Advirta-se ainda aqui que, ao tirar uma fotografia, a falta de distância física pode ser um problema para manter a imagem nítida. Isso apesar do deslocamento que se possa efetuar na objetiva em relação à película. Na representação de Portugal durante séculos, com quem a Galiza tem prolongado os laços de família via emigração e troca continuada, partilhando ademais com grande parte do Norte um «conjunto impressivo de similaridades –climáticas, geográficas, linguísticas, etnográficas etc.–, como ficará sugerido por uma comparação de resultados de diversas disciplinas científicas exercidas em cada um dos contextos» (MEDEIROS, 2006: 23), existe um efeito frequente de grande angular. Falta distância. Inclusive com a fronteira política com firmeza instalada, a consciência diferencial do estrangeiro só se afiança com a intensificação do centralismo espanhol em diversas épocas. Contrariando a diferença, tem funcionado precisamente a recordação dos antigos laços históricos, literalmente familiares, em especial em trechos amplos dos últimos cem anos, quando a distância estrangeirizante mais se consolidara, como modo de alegação da própria identidade galega. Portugal tem aparecido assim, na perceção certamente de uma minoria ousada e intelectualmente ativa, como signo de redenção nacional na Galiza.

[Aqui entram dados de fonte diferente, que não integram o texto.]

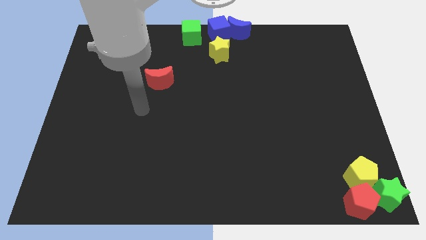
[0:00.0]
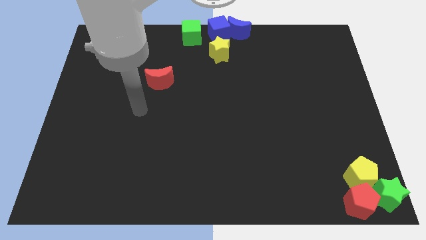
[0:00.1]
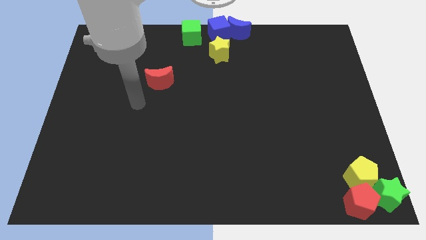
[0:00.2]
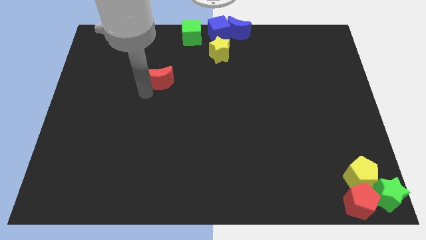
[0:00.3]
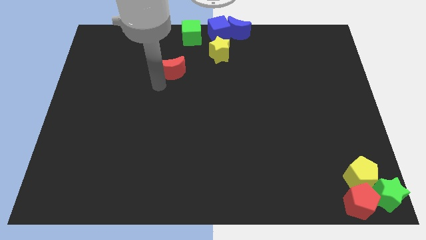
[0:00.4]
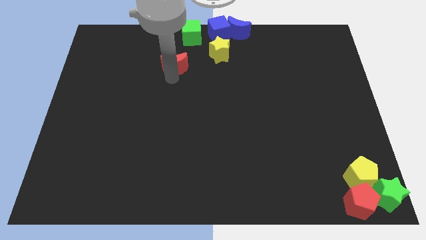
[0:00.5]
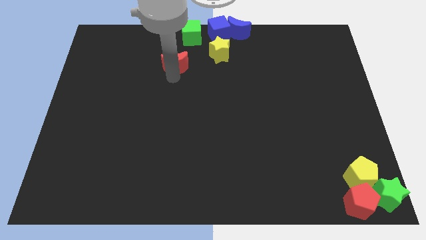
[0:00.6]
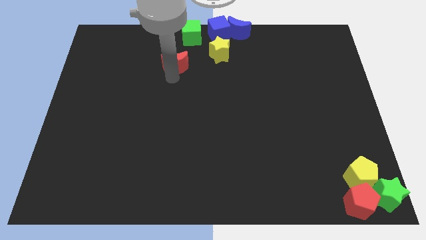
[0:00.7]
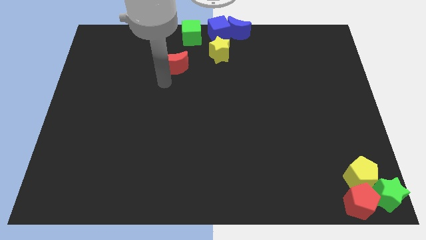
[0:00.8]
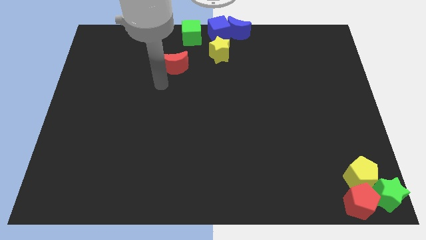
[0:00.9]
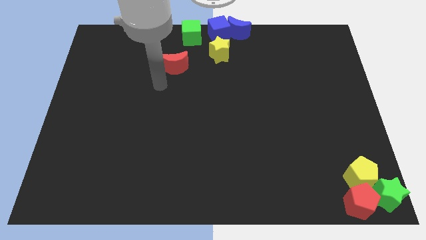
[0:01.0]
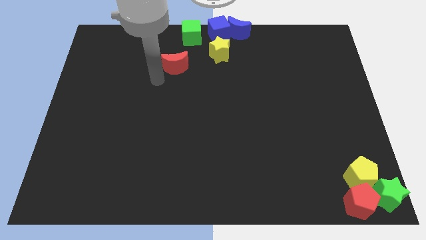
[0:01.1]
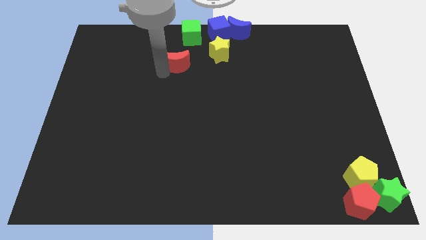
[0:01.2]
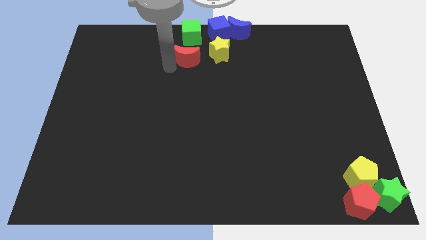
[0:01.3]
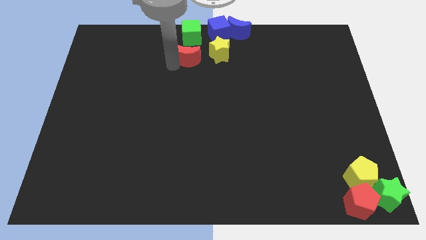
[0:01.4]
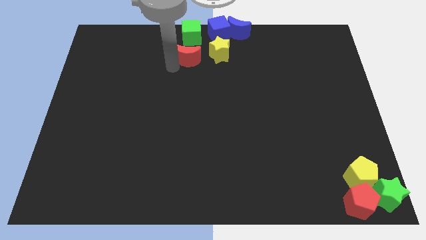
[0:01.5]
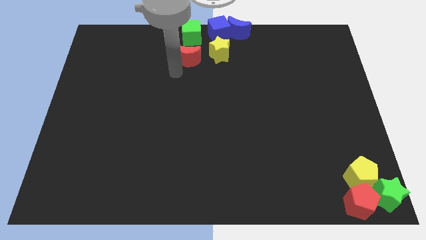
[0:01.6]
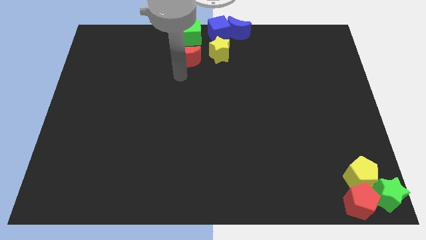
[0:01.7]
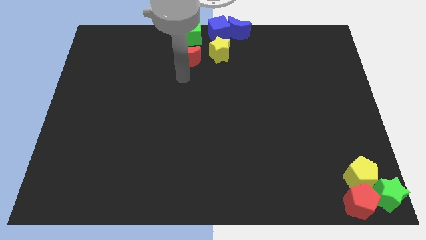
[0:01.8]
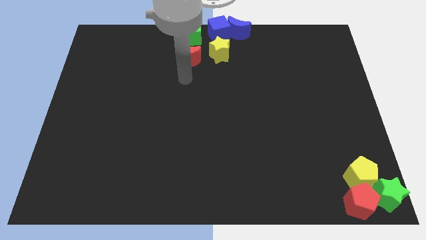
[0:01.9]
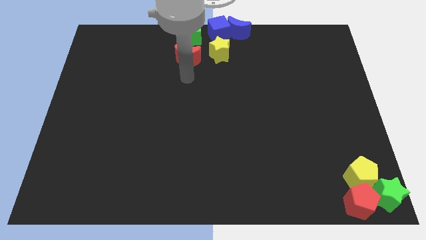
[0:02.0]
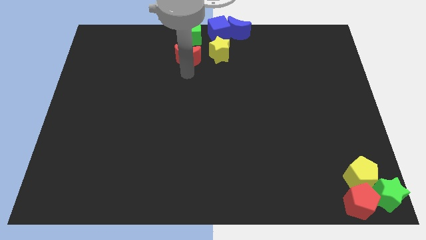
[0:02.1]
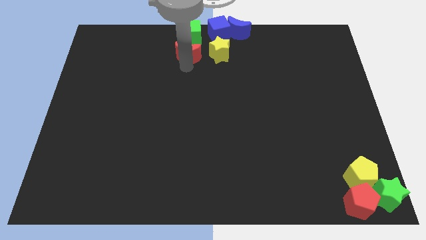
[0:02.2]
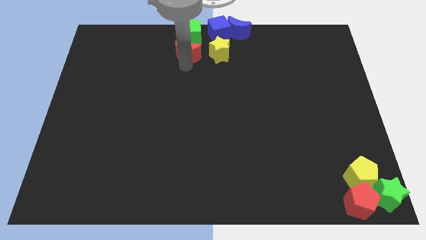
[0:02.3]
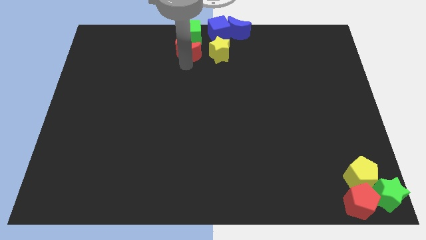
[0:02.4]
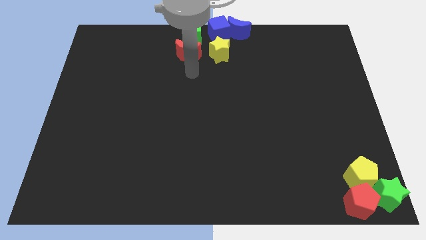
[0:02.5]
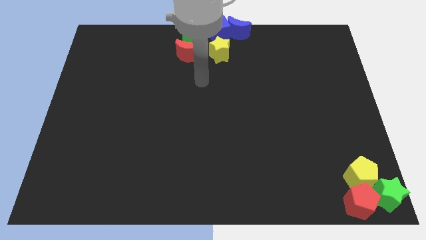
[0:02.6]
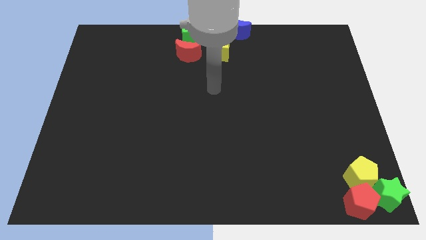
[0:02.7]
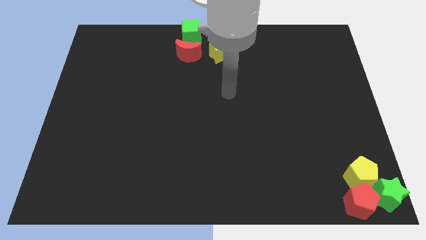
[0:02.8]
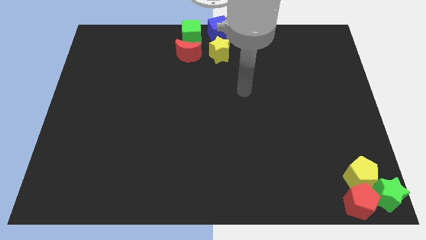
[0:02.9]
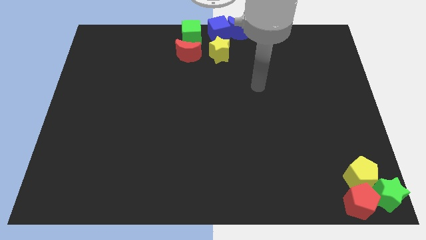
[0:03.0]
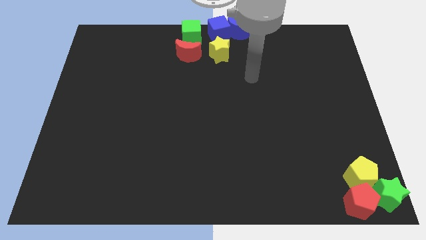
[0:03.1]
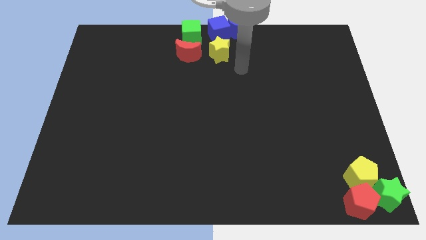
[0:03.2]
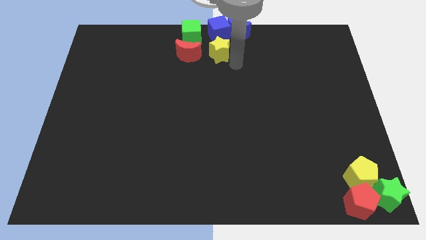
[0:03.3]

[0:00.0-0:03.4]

Ao lado do alheamento e ignorância ampla da parte mais alargada da sociedade.
Se a proximidade física, sim, pode ser causa da distorção do objeto e da perspetiva, na apreciação do presente caso não deixaremos de admitir que também concorre o problema do autor e a sua afinidade com o tema: à falta de espaço para recuar e disparar junta-se a inutilidade da tentativa porque os primeiros planos andam entranhados na sua lente. E ainda, para além das vontades de distanciamento, está a consciência de uma impossibilidade para realizar comparações entre o real que aborda e o real tirado, entre a imagem e o referente. Sobre todos estes riscos só se pode advertir que se conhecem e que se vai demandar o caminho mais honesto. Busca-se a História, procuram-se representações, ordenam-se no tempo. E há o melhor empenho por usar lentes diversas e ângulos complementares. Incluindo tomadas de espetadores isentos. Quanto ao real, confira quem ler.